Thinking of letting go of my 5 speed.pretty nice shape.1 rear spoke missing and previous owner got a little happy cleaning some of the chrome.mainly fork crown and bars.I removed the fenders,they were dealer add ons.


----------



## island schwinn (May 2, 2017)

so,noone wants to chime in? I guess I'll have to keep it in the fleet since it's worthless.


----------



## GTs58 (May 2, 2017)

I'm a little out of touch with prices on these, but I'd guess $350 tops including shipping.


----------



## island schwinn (May 2, 2017)

GTs58 said:


> I'm a little out of touch with prices on these, but I'd guess $350 tops including shipping.

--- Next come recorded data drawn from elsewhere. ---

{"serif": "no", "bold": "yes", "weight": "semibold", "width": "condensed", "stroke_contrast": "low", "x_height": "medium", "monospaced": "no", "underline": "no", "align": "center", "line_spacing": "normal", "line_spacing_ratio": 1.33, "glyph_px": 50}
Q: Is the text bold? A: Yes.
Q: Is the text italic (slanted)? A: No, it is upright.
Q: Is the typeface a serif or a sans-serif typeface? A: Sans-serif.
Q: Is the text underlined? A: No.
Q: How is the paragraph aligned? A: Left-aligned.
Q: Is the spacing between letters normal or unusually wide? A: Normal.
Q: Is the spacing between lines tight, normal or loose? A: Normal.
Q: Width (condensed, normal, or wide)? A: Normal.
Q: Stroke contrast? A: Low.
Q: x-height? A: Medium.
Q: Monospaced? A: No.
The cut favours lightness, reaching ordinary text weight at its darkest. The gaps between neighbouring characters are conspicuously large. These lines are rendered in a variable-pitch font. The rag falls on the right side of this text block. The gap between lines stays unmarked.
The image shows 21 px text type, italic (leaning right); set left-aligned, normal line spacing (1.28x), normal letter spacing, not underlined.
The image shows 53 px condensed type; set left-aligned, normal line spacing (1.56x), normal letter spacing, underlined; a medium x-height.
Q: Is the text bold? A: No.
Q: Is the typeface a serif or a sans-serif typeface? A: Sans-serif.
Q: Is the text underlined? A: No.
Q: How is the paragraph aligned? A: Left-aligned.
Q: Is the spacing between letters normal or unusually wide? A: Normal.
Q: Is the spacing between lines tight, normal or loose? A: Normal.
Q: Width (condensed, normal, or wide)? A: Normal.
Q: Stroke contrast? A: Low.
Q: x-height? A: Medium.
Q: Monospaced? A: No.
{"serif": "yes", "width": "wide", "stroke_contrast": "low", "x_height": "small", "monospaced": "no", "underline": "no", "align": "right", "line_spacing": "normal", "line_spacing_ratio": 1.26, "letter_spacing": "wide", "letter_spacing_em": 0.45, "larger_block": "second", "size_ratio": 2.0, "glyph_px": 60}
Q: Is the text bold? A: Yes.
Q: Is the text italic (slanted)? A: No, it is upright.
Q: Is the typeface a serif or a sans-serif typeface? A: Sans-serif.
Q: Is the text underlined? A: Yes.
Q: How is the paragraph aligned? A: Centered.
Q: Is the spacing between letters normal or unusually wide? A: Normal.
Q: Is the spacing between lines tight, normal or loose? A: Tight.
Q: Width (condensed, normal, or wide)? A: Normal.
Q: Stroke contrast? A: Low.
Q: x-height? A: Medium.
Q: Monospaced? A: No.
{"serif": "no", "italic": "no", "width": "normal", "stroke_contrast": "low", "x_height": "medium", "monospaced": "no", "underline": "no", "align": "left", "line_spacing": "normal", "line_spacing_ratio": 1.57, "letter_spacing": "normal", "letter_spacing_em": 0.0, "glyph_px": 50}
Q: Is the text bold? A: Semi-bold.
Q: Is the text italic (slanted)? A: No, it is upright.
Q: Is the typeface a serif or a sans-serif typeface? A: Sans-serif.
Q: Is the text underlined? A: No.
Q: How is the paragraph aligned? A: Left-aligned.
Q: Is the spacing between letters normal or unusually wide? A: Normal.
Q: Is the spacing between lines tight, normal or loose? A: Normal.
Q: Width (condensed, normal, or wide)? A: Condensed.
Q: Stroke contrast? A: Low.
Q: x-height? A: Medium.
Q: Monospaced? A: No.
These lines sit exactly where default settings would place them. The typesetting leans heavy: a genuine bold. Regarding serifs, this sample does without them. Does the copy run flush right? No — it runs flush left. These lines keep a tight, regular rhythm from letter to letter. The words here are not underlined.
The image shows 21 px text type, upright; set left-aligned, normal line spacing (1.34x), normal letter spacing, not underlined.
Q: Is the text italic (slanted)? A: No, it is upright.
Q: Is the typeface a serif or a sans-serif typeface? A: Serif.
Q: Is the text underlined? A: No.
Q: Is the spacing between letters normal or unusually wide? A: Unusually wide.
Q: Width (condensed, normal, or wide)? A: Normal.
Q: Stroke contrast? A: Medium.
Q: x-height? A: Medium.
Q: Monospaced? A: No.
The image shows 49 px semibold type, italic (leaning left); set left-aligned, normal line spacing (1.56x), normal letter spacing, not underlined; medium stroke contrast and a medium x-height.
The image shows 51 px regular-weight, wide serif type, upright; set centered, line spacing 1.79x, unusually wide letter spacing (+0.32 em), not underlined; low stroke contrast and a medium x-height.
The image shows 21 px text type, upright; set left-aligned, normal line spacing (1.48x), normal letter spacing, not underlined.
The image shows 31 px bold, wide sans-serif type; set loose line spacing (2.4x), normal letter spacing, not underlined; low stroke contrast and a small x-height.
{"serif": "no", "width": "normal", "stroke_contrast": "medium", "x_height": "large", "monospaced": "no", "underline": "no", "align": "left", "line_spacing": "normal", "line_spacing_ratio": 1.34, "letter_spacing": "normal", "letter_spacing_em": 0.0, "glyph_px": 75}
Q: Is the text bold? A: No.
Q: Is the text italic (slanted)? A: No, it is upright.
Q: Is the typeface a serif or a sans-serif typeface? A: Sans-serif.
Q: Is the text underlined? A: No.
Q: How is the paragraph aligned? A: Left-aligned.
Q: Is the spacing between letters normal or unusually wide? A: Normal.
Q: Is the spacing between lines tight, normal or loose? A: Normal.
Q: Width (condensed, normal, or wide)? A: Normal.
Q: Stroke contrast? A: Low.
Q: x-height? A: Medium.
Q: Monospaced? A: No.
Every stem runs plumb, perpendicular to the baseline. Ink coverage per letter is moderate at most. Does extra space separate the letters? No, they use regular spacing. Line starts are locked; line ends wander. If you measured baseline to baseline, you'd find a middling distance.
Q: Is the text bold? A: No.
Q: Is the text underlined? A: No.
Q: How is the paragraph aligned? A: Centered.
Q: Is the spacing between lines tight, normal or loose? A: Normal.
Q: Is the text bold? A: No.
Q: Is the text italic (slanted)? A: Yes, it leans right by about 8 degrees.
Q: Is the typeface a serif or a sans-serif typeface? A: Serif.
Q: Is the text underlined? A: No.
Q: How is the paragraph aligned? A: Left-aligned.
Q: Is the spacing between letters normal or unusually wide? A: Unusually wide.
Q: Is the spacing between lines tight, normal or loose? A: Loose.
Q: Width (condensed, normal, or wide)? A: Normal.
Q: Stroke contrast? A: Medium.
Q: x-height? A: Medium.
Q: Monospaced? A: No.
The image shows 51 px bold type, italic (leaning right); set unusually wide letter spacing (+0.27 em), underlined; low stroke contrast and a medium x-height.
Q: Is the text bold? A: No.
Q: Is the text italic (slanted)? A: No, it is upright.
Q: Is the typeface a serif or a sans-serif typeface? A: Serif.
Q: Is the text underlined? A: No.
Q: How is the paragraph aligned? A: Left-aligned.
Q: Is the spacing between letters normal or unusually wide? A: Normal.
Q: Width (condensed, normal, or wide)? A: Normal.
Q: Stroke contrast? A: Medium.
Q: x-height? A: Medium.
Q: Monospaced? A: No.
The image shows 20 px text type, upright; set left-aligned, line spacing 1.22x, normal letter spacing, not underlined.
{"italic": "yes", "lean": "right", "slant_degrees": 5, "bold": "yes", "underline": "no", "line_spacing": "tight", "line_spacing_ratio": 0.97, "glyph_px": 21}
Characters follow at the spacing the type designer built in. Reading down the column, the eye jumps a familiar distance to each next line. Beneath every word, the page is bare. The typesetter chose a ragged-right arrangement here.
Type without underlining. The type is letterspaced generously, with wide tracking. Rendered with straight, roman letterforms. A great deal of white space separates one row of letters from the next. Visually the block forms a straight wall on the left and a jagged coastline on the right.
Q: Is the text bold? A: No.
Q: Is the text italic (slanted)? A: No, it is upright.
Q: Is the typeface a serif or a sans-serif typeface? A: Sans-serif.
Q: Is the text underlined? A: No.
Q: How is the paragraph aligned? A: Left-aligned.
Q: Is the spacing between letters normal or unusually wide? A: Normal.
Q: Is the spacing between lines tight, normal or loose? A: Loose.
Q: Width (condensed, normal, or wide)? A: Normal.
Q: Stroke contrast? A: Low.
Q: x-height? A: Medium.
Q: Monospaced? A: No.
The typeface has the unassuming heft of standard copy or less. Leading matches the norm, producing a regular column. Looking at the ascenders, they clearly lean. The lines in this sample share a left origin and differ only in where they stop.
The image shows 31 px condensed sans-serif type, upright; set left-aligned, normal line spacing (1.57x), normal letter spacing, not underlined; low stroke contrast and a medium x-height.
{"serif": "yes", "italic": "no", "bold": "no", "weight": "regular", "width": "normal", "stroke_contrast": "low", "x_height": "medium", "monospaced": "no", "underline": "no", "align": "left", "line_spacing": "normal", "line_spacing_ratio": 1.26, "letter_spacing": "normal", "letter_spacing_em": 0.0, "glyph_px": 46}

I could do that.pm for payment info,thanks.


----------



## GTs58 (May 2, 2017)

PM sent.


----------



## kasper (May 4, 2017)

island schwinn said:


> Thinking of letting go of my 5 speed.pretty nice shape.1 rear spoke missing and previous owner got a little happy cleaning some of the chrome.mainly fork crown and bars.I removed the fenders,they were dealer add ons.
> View attachment 457659



if it dident sell I could buy it next week.


----------



## island schwinn (May 9, 2017)

Simply amazing that with all the stingray guys here,no one wants to put a value on this bike.that being said,I'll keep it and let it collect dust before I sell it to a flipper.
For the one sincere guy that contacted me,I thank you.


----------



## bentsprocket (May 10, 2017)

Email on the way...


----------